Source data
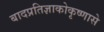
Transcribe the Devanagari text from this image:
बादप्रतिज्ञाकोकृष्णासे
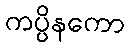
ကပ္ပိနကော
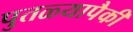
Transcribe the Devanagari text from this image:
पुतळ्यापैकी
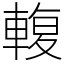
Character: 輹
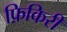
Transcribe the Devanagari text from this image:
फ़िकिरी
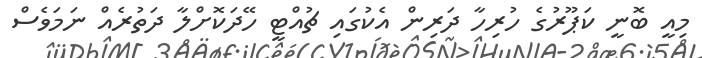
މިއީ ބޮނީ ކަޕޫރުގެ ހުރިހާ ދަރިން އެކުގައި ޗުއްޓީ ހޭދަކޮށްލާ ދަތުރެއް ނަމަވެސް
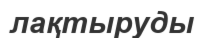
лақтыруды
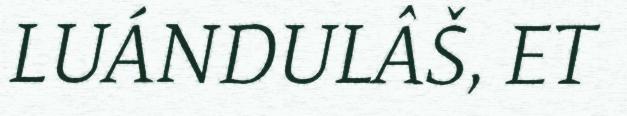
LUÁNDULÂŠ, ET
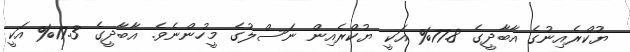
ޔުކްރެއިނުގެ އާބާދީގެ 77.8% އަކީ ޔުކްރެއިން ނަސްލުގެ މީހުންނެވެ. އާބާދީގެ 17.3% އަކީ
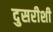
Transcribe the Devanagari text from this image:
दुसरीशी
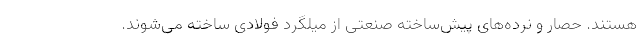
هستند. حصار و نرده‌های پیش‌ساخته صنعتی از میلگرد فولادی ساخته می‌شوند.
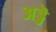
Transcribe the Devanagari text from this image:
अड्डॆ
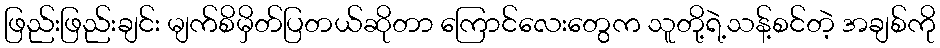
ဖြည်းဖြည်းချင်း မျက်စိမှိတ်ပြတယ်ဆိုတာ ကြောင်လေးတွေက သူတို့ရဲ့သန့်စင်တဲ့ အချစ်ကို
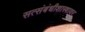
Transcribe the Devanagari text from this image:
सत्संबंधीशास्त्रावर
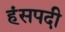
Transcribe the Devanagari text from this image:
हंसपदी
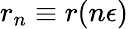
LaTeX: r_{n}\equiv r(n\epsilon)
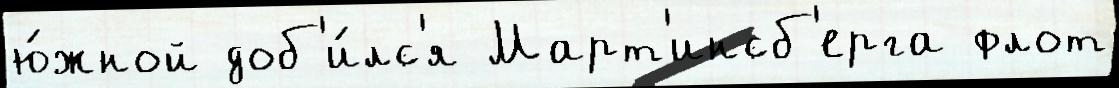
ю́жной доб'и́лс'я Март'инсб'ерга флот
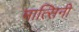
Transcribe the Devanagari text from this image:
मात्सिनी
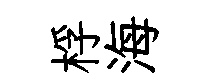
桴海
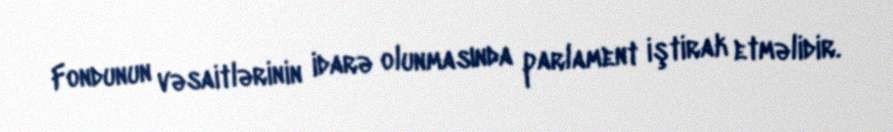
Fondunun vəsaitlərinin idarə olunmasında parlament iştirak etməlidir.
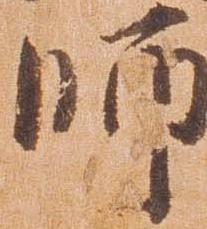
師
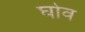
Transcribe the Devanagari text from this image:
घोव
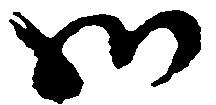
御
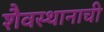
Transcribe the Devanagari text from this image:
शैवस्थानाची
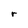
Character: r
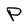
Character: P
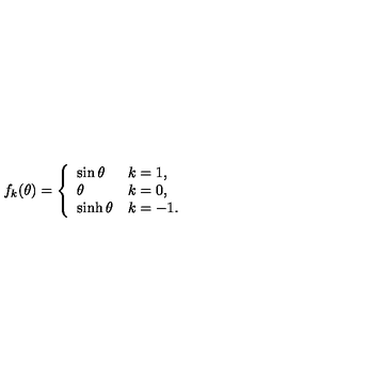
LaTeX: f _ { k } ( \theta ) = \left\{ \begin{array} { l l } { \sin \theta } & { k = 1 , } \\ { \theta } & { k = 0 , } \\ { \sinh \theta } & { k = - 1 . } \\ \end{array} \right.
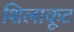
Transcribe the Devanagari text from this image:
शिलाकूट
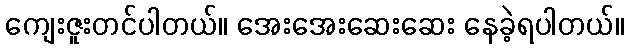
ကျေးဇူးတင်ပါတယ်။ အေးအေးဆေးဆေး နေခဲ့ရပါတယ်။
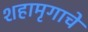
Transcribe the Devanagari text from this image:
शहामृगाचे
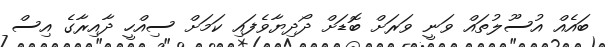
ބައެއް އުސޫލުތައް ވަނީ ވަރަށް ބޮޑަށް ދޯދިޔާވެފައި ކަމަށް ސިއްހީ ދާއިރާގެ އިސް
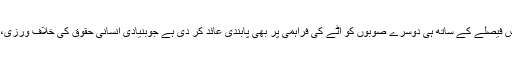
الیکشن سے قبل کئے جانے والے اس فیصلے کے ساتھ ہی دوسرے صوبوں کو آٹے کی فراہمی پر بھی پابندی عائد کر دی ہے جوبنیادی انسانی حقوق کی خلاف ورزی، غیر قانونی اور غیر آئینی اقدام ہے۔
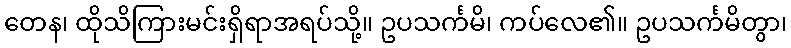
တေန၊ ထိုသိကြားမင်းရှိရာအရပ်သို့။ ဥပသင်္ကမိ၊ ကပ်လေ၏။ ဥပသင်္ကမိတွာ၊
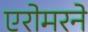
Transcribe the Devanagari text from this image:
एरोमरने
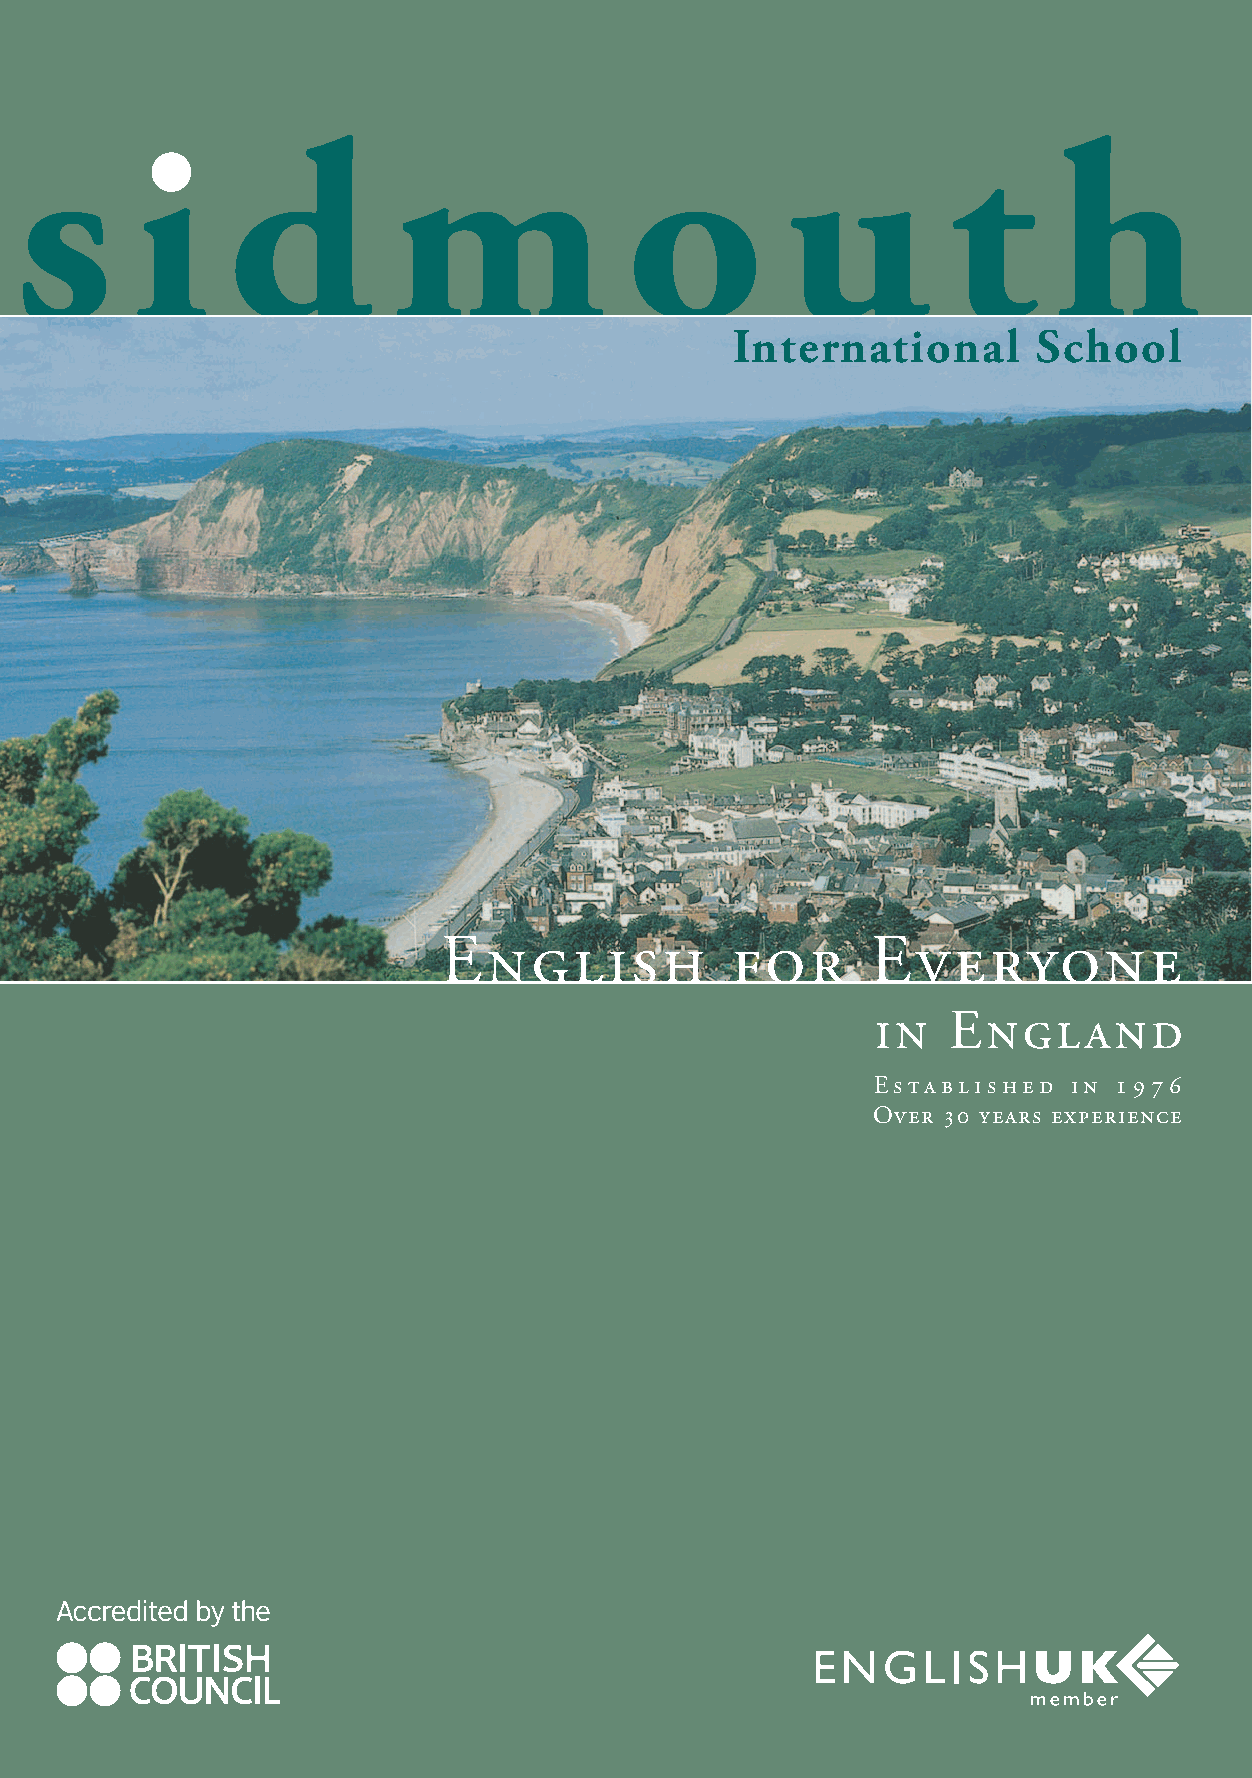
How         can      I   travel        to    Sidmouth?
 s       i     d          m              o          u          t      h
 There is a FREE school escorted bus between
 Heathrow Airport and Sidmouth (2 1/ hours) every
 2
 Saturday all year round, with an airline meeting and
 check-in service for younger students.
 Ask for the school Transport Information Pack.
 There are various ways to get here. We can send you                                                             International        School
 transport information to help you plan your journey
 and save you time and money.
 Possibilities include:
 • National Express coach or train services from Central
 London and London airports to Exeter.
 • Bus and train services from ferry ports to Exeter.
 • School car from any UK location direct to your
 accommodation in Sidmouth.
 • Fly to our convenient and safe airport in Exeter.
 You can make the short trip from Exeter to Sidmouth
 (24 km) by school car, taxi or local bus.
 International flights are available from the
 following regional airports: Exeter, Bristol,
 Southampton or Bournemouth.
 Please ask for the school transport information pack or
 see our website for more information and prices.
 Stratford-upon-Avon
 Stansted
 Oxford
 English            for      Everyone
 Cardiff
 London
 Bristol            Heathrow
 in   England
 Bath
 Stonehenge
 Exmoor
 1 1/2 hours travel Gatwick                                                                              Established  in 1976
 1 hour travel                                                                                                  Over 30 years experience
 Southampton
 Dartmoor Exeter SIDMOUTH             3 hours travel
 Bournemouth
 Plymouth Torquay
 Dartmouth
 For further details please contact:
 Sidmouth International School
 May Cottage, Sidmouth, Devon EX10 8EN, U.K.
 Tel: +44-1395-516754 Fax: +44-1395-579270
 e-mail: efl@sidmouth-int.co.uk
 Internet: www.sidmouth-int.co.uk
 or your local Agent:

WORK TASK - Quote all the records verbatim, dropping any pictures from your copy.

EXPECTED ANSWER -
Transcribe the Devanagari text from this image:
बादप्रतिज्ञाकोकृष्णासे
ကပ္ပိနကော
Transcribe the Devanagari text from this image:
पुतळ्यापैकी
Character: 輹
Transcribe the Devanagari text from this image:
फ़िकिरी
މިއީ ބޮނީ ކަޕޫރުގެ ހުރިހާ ދަރިން އެކުގައި ޗުއްޓީ ހޭދަކޮށްލާ ދަތުރެއް ނަމަވެސް
лақтыруды
LUÁNDULÂŠ, ET
ޔުކްރެއިނުގެ އާބާދީގެ 77.8% އަކީ ޔުކްރެއިން ނަސްލުގެ މީހުންނެވެ. އާބާދީގެ 17.3% އަކީ
Transcribe the Devanagari text from this image:
दुसरीशी
هستند. حصار و نرده‌های پیش‌ساخته صنعتی از میلگرد فولادی ساخته می‌شوند.
Transcribe the Devanagari text from this image:
अड्डॆ
ဖြည်းဖြည်းချင်း မျက်စိမှိတ်ပြတယ်ဆိုတာ ကြောင်လေးတွေက သူတို့ရဲ့သန့်စင်တဲ့ အချစ်ကို
Transcribe the Devanagari text from this image:
सत्संबंधीशास्त्रावर
Transcribe the Devanagari text from this image:
हंसपदी
LaTeX: r_{n}\equiv r(n\epsilon)
ю́жной доб'и́лс'я Март'инсб'ерга флот
Transcribe the Devanagari text from this image:
मात्सिनी
桴海
Fondunun vəsaitlərinin idarə olunmasında parlament iştirak etməlidir.
師
Transcribe the Devanagari text from this image:
घोव
御
Transcribe the Devanagari text from this image:
शैवस्थानाची
Character: r
Character: P
LaTeX: f _ { k } ( \theta ) = \left\{ \begin{array} { l l } { \sin \theta } & { k = 1 , } \\ { \theta } & { k = 0 , } \\ { \sinh \theta } & { k = - 1 . } \\ \end{array} \right.
Transcribe the Devanagari text from this image:
शिलाकूट
ကျေးဇူးတင်ပါတယ်။ အေးအေးဆေးဆေး နေခဲ့ရပါတယ်။
Transcribe the Devanagari text from this image:
शहामृगाचे
ބައެއް އުސޫލުތައް ވަނީ ވަރަށް ބޮޑަށް ދޯދިޔާވެފައި ކަމަށް ސިއްހީ ދާއިރާގެ އިސް
الیکشن سے قبل کئے جانے والے اس فیصلے کے ساتھ ہی دوسرے صوبوں کو آٹے کی فراہمی پر بھی پابندی عائد کر دی ہے جوبنیادی انسانی حقوق کی خلاف ورزی، غیر قانونی اور غیر آئینی اقدام ہے۔
တေန၊ ထိုသိကြားမင်းရှိရာအရပ်သို့။ ဥပသင်္ကမိ၊ ကပ်လေ၏။ ဥပသင်္ကမိတွာ၊
Transcribe the Devanagari text from this image:
एरोमरने
How         can      I   travel        to    Sidmouth?
 s       i     d          m              o          u          t      h
 There is a FREE school escorted bus between
 Heathrow Airport and Sidmouth (2 1/ hours) every
 2
 Saturday all year round, with an airline meeting and
 check-in service for younger students.
 Ask for the school Transport Information Pack.
 There are various ways to get here. We can send you                                                             International        School
 transport information to help you plan your journey
 and save you time and money.
 Possibilities include:
 • National Express coach or train services from Central
 London and London airports to Exeter.
 • Bus and train services from ferry ports to Exeter.
 • School car from any UK location direct to your
 accommodation in Sidmouth.
 • Fly to our convenient and safe airport in Exeter.
 You can make the short trip from Exeter to Sidmouth
 (24 km) by school car, taxi or local bus.
 International flights are available from the
 following regional airports: Exeter, Bristol,
 Southampton or Bournemouth.
 Please ask for the school transport information pack or
 see our website for more information and prices.
 Stratford-upon-Avon
 Stansted
 Oxford
 English            for      Everyone
 Cardiff
 London
 Bristol            Heathrow
 in   England
 Bath
 Stonehenge
 Exmoor
 1 1/2 hours travel Gatwick                                                                              Established  in 1976
 1 hour travel                                                                                                  Over 30 years experience
 Southampton
 Dartmoor Exeter SIDMOUTH             3 hours travel
 Bournemouth
 Plymouth Torquay
 Dartmouth
 For further details please contact:
 Sidmouth International School
 May Cottage, Sidmouth, Devon EX10 8EN, U.K.
 Tel: +44-1395-516754 Fax: +44-1395-579270
 e-mail: efl@sidmouth-int.co.uk
 Internet: www.sidmouth-int.co.uk
 or your local Agent:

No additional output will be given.